It is possible to note from the histograms that most pore types are located between 0.2 and 0.8, falling basically on the reference-stiff pore type literature values range. The histograms, generally, do not show a trimodal or bimodal behavior and, therefore, it is not easy to segregate compliant, reference, and stiff pores. As shown in Supplementary Table S1, the average for the entire well is 0.48 and the standard deviation is 0.17, which gives an interval of 0.31 up to 0.65. When we consider an area weight, this number falls to 0.46, which is close to the simple average. The weighted average must be analyzed with care because cracks may cause a great impact on velocity, as pointed out in several works, such as Anselmetti and Eberli (1993). Compliant pores are difficult to segregate, and 3-D micro-computed tomography (micro-CT) analysis may provide better results. For the sake of the following discussion, the reader must be aware that here we are mentioning only macropores and, thus, micropores will not be considered.

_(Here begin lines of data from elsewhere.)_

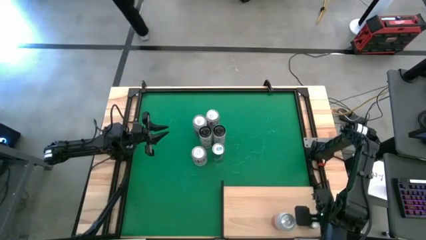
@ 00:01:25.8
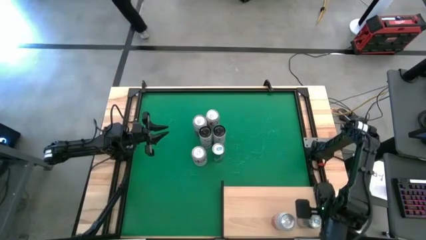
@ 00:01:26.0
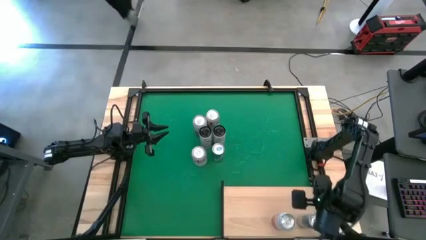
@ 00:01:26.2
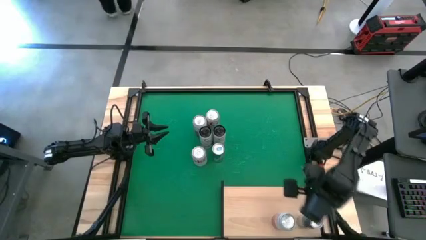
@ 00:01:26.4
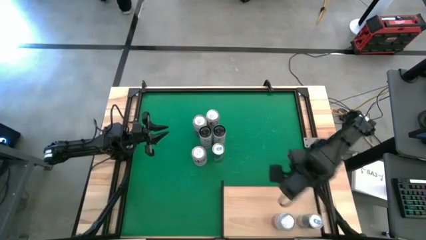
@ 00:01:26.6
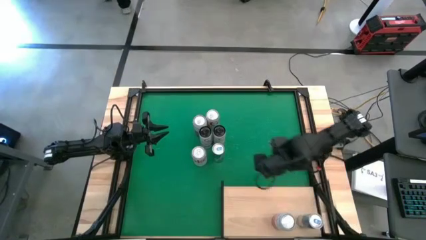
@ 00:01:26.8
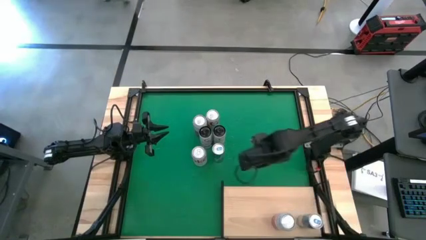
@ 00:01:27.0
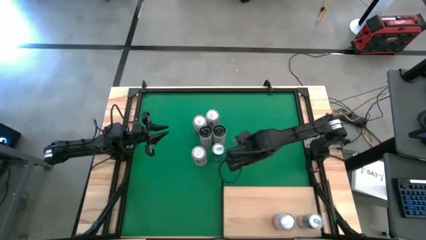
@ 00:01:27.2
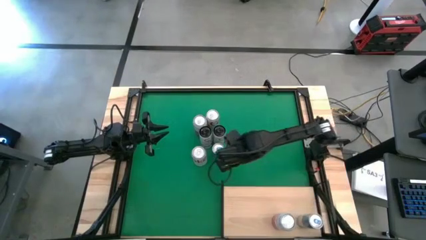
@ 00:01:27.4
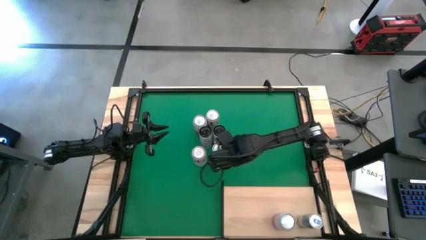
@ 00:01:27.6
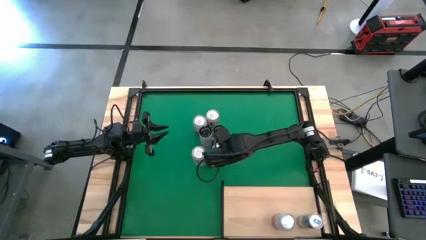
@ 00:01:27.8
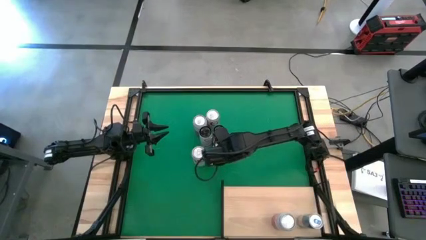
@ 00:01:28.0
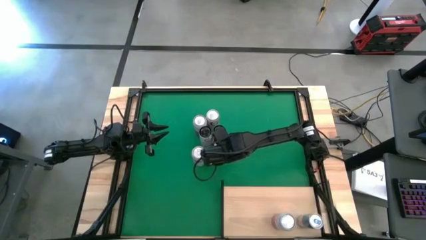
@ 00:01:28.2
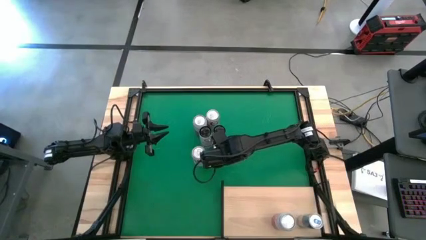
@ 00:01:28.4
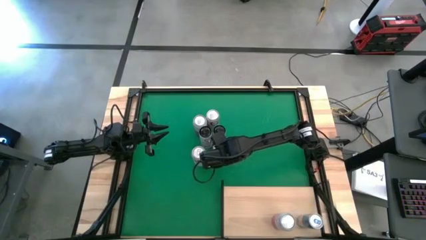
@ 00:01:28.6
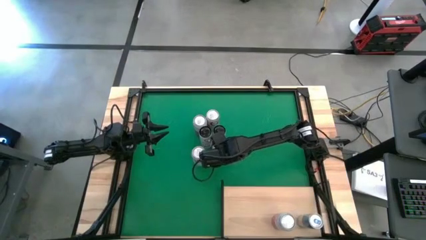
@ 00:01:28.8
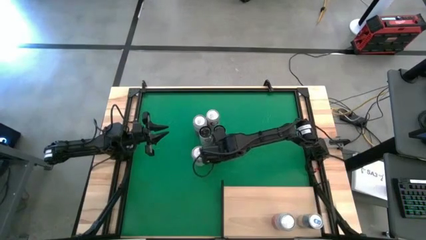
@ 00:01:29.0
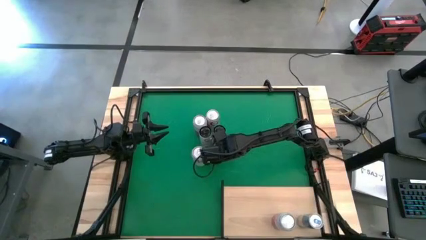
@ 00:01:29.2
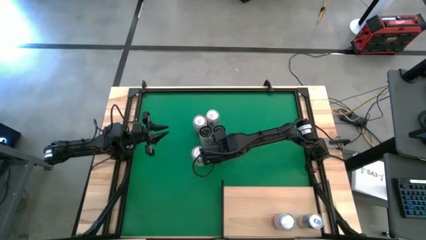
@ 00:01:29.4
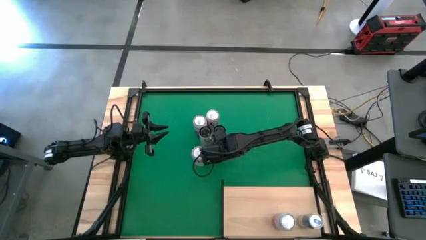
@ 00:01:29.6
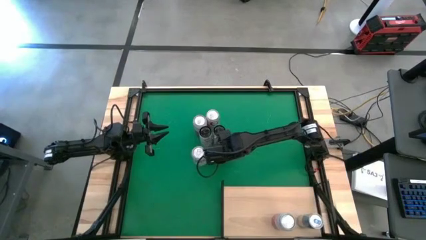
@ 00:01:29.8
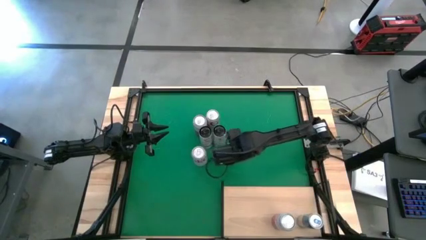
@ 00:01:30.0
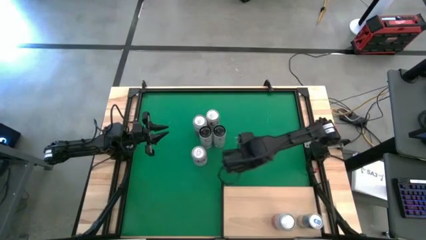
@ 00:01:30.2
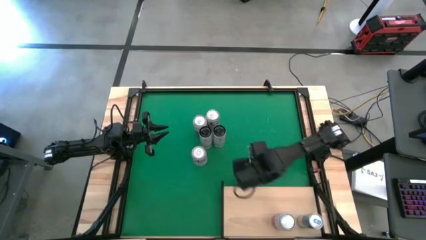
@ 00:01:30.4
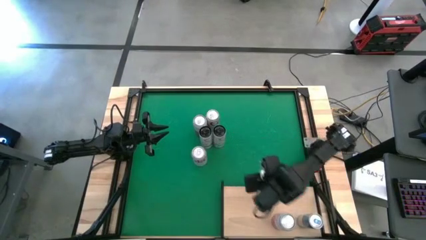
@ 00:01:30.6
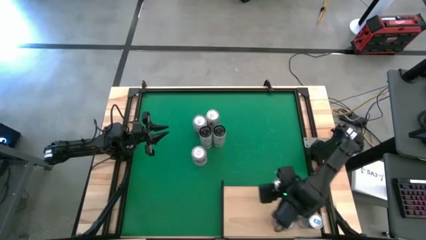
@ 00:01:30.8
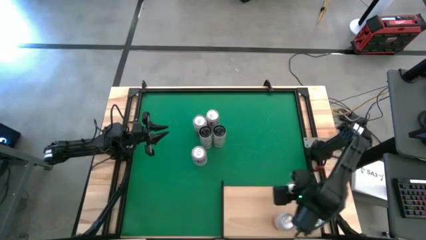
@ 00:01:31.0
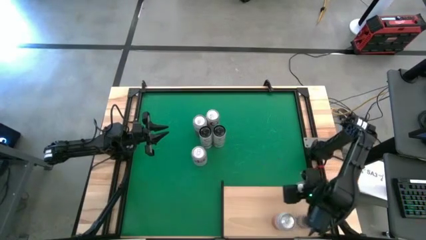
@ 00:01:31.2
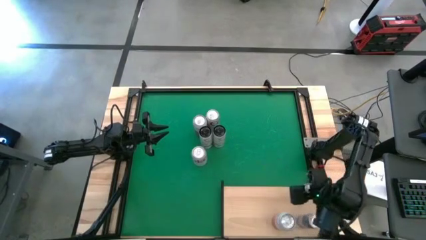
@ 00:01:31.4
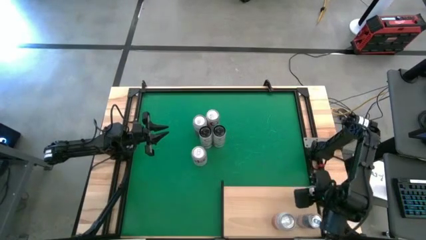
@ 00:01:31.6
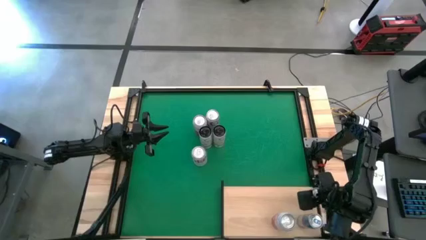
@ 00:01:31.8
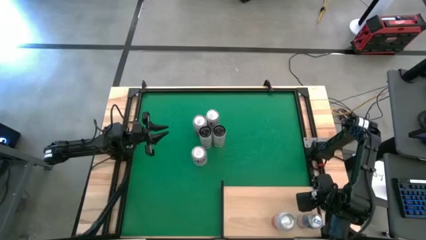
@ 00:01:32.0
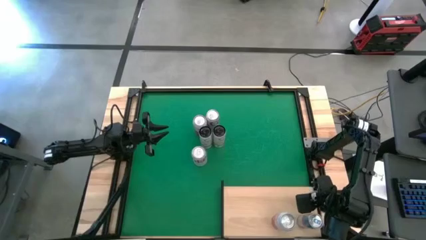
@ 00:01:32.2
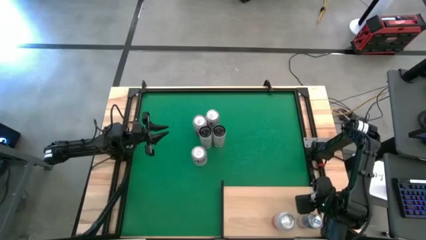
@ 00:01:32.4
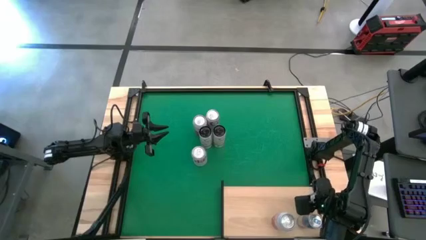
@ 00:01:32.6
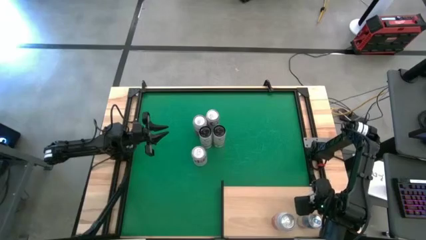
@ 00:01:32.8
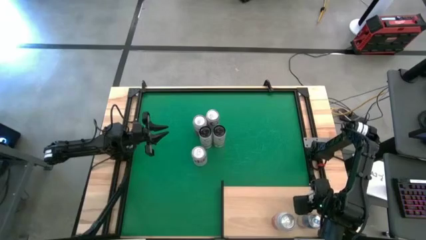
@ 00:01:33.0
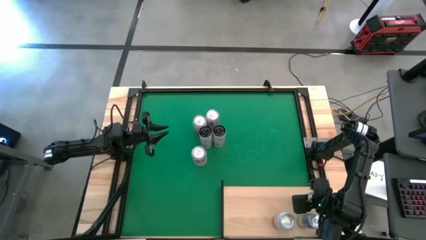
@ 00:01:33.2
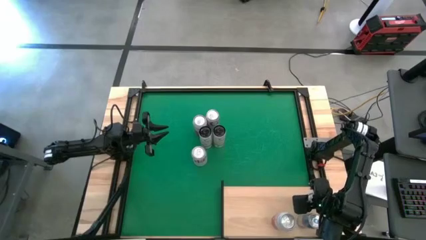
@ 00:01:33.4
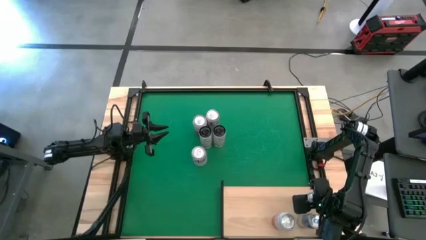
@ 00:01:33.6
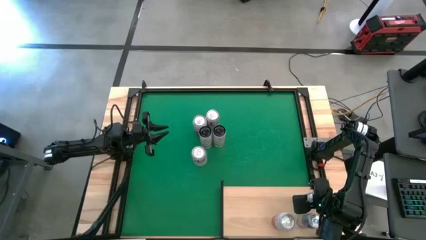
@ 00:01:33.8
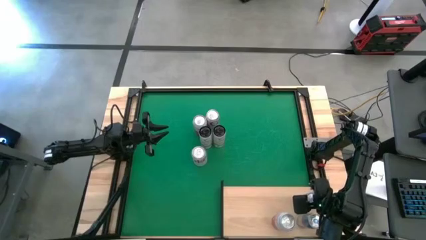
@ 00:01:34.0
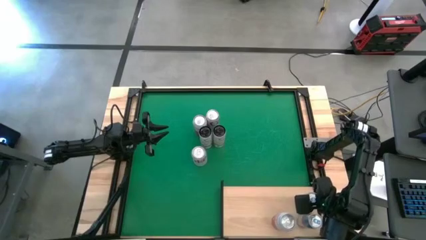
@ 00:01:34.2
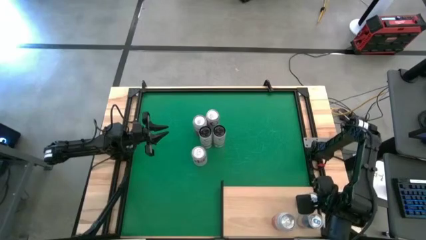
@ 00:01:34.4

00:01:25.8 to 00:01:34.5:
Task: Place canned beverage on shelf
Put the blue soda can on the shelf aligned with the other blue soda can

Some limitations in performing this analysis were present due to the lack of better resolution for the available images. For example, the thin section from Figure 5 presents a resolution of 487 × 365 pixels. If we consider the minimum detectable Y dimension as one pixel and divide it by the size of the image along the X dimension, we obtain a minimum detectable aspect ratio of 2.05 × 10-3, approximately. For this thin section, 1 mm equals 170 pixels. Care must be taken when assessing the thin section images due to what we refer to here as “transition pixels” between porosity (blue) and matrix (rest of the image). Usually, these pixels present intermediate color values, and the algorithm sometimes classifies them as matrix and sometimes as porosity. Cementation with white or clear colors also may harm the classification.
Supplementary Figure S4 exemplifies pore segregation (A) and best-fit ellipses (B) used for extracting statistical parameters such as aspect ratio. The ellipse in (B) considers the angle between the axes and, thus, the aspect ratio is clearly higher than reality. This proves that this method is accurate enough for stiff and reference pores but is not always reliable for compliant pores or cracks. For this last case, it can provide an idea of the aspect ratio but not the exact results.

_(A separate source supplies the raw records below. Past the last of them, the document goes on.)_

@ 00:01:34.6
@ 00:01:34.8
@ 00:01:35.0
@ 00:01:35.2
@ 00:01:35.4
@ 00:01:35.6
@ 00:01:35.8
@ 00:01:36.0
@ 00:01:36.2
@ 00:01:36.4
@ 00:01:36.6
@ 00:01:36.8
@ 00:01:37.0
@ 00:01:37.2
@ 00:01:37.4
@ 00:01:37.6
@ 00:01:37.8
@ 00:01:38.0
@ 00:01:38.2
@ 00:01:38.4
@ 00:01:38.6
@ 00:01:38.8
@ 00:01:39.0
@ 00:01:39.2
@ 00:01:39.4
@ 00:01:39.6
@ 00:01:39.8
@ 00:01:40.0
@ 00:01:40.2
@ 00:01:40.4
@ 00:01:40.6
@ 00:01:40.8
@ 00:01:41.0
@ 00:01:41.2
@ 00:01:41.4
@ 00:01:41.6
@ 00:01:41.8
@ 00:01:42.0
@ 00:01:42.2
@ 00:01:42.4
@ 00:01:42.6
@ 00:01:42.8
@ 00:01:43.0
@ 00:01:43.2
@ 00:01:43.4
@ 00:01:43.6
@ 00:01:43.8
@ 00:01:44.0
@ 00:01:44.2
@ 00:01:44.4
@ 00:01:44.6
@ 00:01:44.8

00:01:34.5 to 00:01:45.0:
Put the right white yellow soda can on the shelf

Although this approach presents limitations, in the lack of micro-CT images, this method can be used to obtain the necessary initial guesses for stiff and reference pore types from thin sections.
3.2 Sensitivity analysis
In our oil-carbonate model, calcite is always present since it is the most abundant pre-salt carbonate mineral. The clay contents were assumed as the difference between one hundred percent and the total amount of calcite, dolomite, and quartz. Table 1 provides the main parameters used within the model.
TABLE 1. Main parameters used in the “Oil-Carbonate Model”. (*) minor to major axis ratio; (**) QFM stands for quartz, feldspar, and mica, but here we consider that it is only quartz because this is the most common mineral among those three in the pre-salt.
Figure 6 shows four results: (A) the variation of dolomite volume, (B) the variation of the aspect ratio for the reference pore type, (C) the variation within the volume present in the reference pore type, and (D) the volume present in compliant pore type. As dolomite volume increases, there is a positive impact on velocity predictions, as expected, since this mineral presents a higher elastic modulus when compared to the rest of the system, i.e., calcite, quartz, and clay. More important are the values chosen for the aspect ratios, e.g., for the reference pore type, inserted in the model as Figure 6B shows on the upper right, which would change data interpretation dramatically when considering the impact of these parameters, as pointed out by Eberli et al. (2003). For example, if we use 0.2 for reference as an input for this model, we expect to have a considerable amount of compliant pores within these rocks, which does not match with what we have seen in thin sections. Figures 6C,D show the volume variation of reference and compliant pore type, respectively. If we look at the end of the curves (at 20% porosity), it is possible to see that a difference of 5% in compliant volume would impact velocity by around 10%. This has virtually the same impact if we consider a variation from 50 to 80% in reference volume at the same porosity point. This shows the importance of obtaining these parameters in a pointwise manner.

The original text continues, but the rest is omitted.